Ogni tanto, in mezzo alle schede tecniche di mouse e tastiere, arriva anche un report che parla di numeri diversi: non DPI o latenza, ma tonnellate di CO2 evitate e percentuali di plastica riciclata. Logitech ha pubblicato il suo report annuale sulla sostenibilità, il FY26 Impact Highlights, e i dati raccontano un percorso che l’azienda porta avanti da anni con l’approccio che chiama Design for Sustainability.
Logitech FY26 Impact Highlights – emissioni Scope 3 giù del 33%
Il documento fotografa i progressi ottenuti rispetto agli anni di riferimento fissati dall’azienda (il 2019 per le emissioni dirette e quelle legate all’energia acquistata, il 2021 per quelle lungo la catena di fornitura e l’uso dei prodotti). Numeri verificati da terze parti, come specifica lo stesso report, in linea con il protocollo internazionale sui gas serra (GHG Protocol).

I numeri principali: emissioni e trasparenza
Il dato che salta più all’occhio è la riduzione del 49% delle emissioni di gas serra di tipo Scope 1 e 2, cioè quelle prodotte direttamente dall’azienda e quelle legate all’energia che consuma. A questo si affianca un -33% sulle emissioni Scope 3, la categoria più difficile da comprimere perché comprende tutta la filiera indiretta, dai fornitori al trasporto fino all’uso dei prodotti da parte dei clienti. Nel corso del 2025 Logitech dichiara di aver evitato oltre 200.000 tonnellate di CO2 equivalente grazie ai propri programmi.
Sul fronte della trasparenza, l’azienda segnala che il 100% dei prodotti rientranti nel perimetro di analisi dispone ora di uno studio sull’impronta di carbonio verificato da terzi (con una precisazione: a dicembre 2025 questo copriva il 92% delle unità effettivamente spedite, restano esclusi alcuni prodotti a basso volume). L’idea di fondo è dare ai clienti dati concreti su cui basare le proprie scelte d’acquisto, invece di limitarsi a dichiarazioni generiche.

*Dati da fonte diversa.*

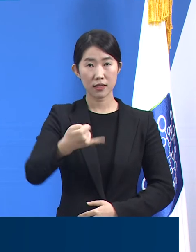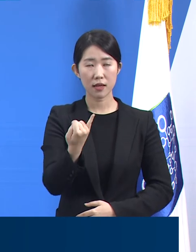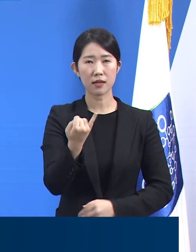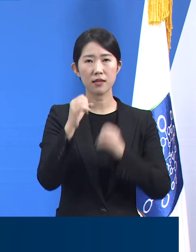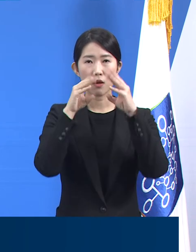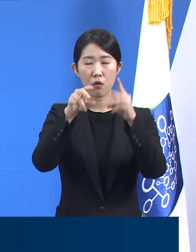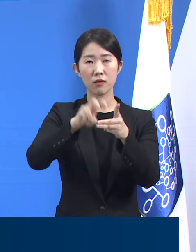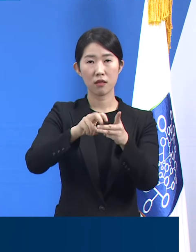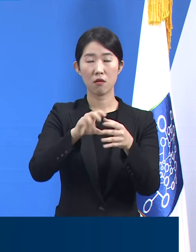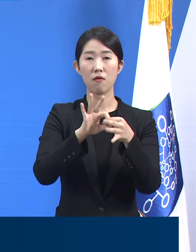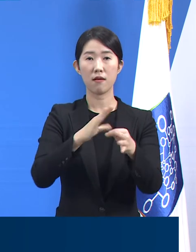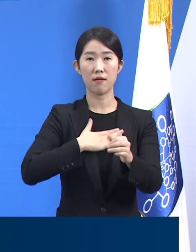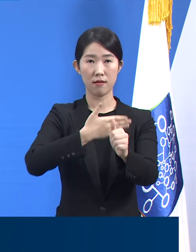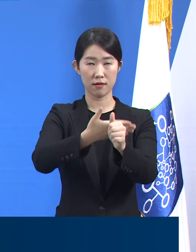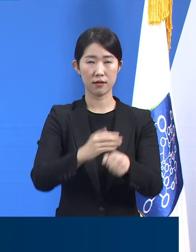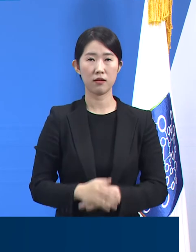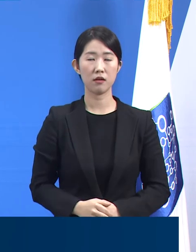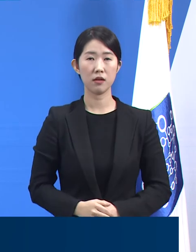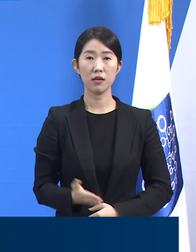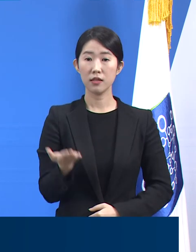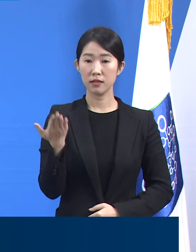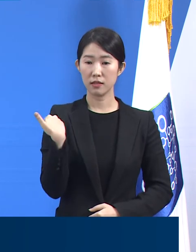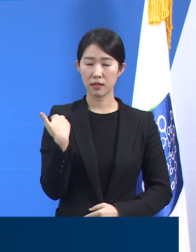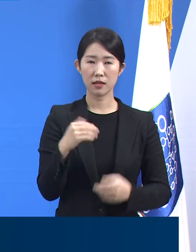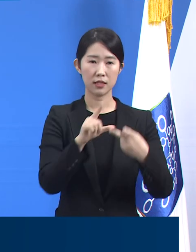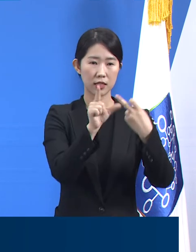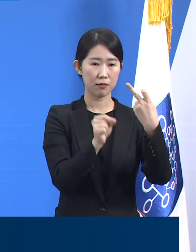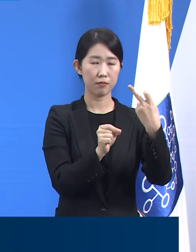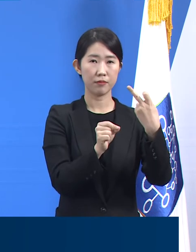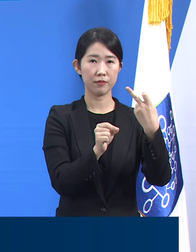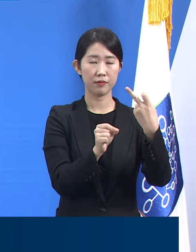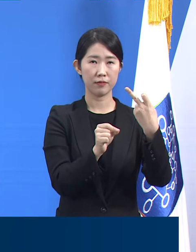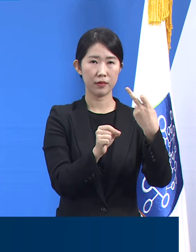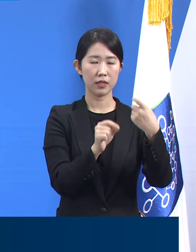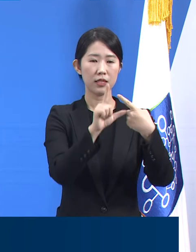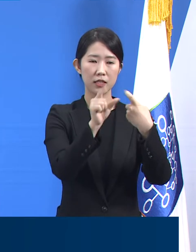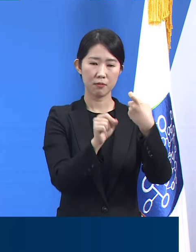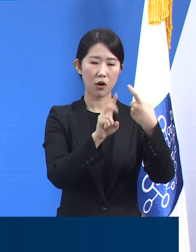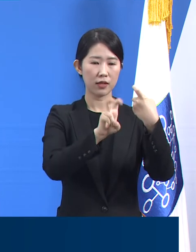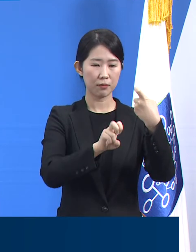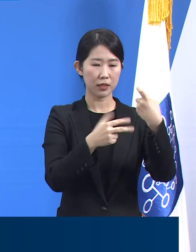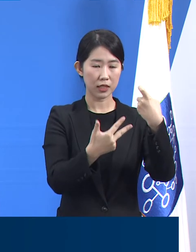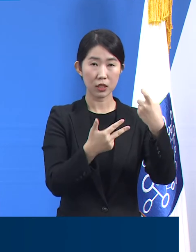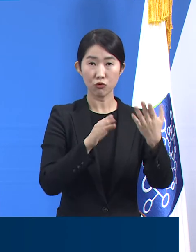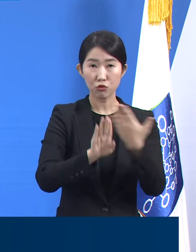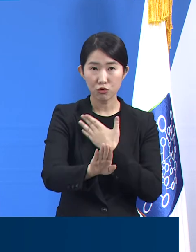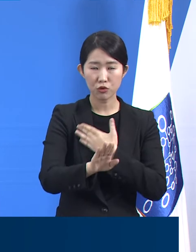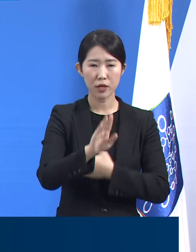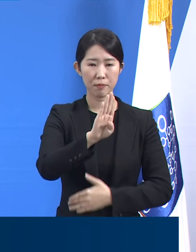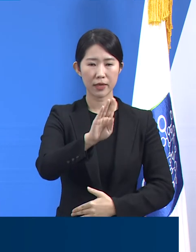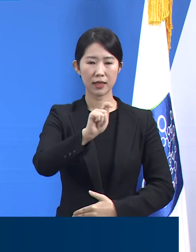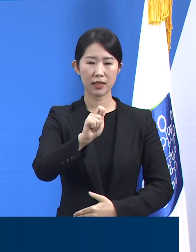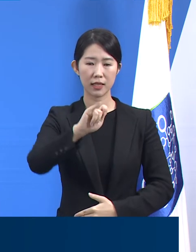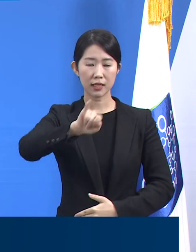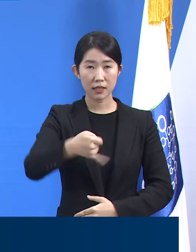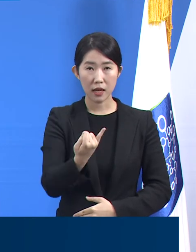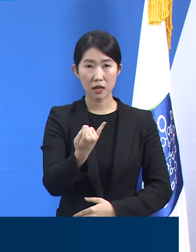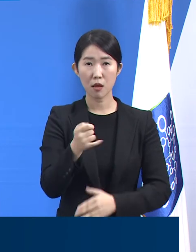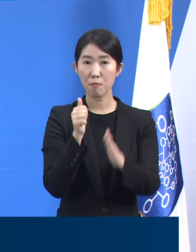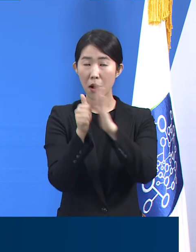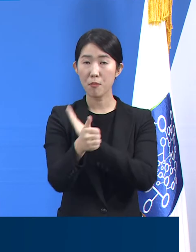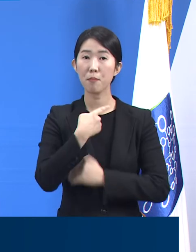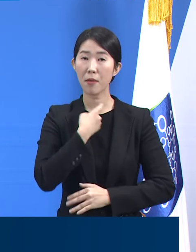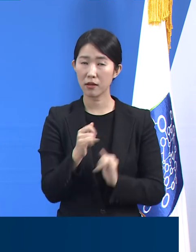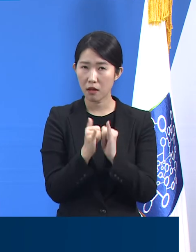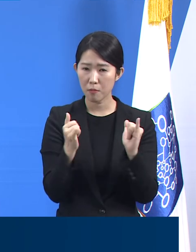경기도는 지난 8일, 11월 27일 이후 BTJ열방센터에 방문하거나 행사에

Materiali, riparabilità e imballaggi
Sul fronte dei materiali, l’81% dei prodotti Logitech spediti a dicembre 2025 contiene plastica riciclata post-consumo. Un altro capitolo riguarda la riparabilità: la collaborazione con iFixit, la piattaforma specializzata in guide di riparazione, è stata estesa a 69 linee di prodotto con parti di ricambio e istruzioni passo passo, il triplo rispetto a due anni fa. Significa, in pratica, che per una fetta più ampia del catalogo diventa possibile sostituire un componente invece di buttare via l’intero dispositivo.
Anche gli imballaggi sono finiti sotto la lente: tra il 2023 e il 2025 sono state eliminate 2.500 tonnellate di materiali da imballaggio, complice la rimozione degli involucri rigidi in plastica trasparente (i cosiddetti clamshell, i blister rigidi tipici della grande distribuzione) e la riduzione del peso delle confezioni per la spedizione. A questo si aggiunge il dato sul PVC: il 55% delle linee di prodotto distribuite ne è ormai privo, contro il 44% dell’anno precedente.
Un riconoscimento esterno
Il lavoro sulla sostenibilità non passa inosservato: Logitech è stata inserita tra le prime 50 aziende della classifica World’s Most Sustainable Companies di TIME Magazine, è presente nel Dow Jones Sustainability Europe Index ed è stata indicata da Newsweek tra le World’s Greenest Companies.
Perché conta, al netto del comunicato
Hanneke Faber, CEO di Logitech, parla di un impegno che ormai dura da due decenni e che si starebbe traducendo in risultati concreti, mentre Elaine Laird, Chief People & Sustainability Officer dell’azienda, sottolinea come le analisi del ciclo di vita dei prodotti servano a orientare le scelte di design su scala industriale. Restano dichiarazioni aziendali, va detto, e come tali vanno lette: ma i numeri messi sul tavolo, dalla riduzione delle emissioni alla percentuale di plastica riciclata, offrono comunque un metro con cui valutare i progressi di anno in anno, anche quando si parla di mouse e tastiere e non di pannelli solari.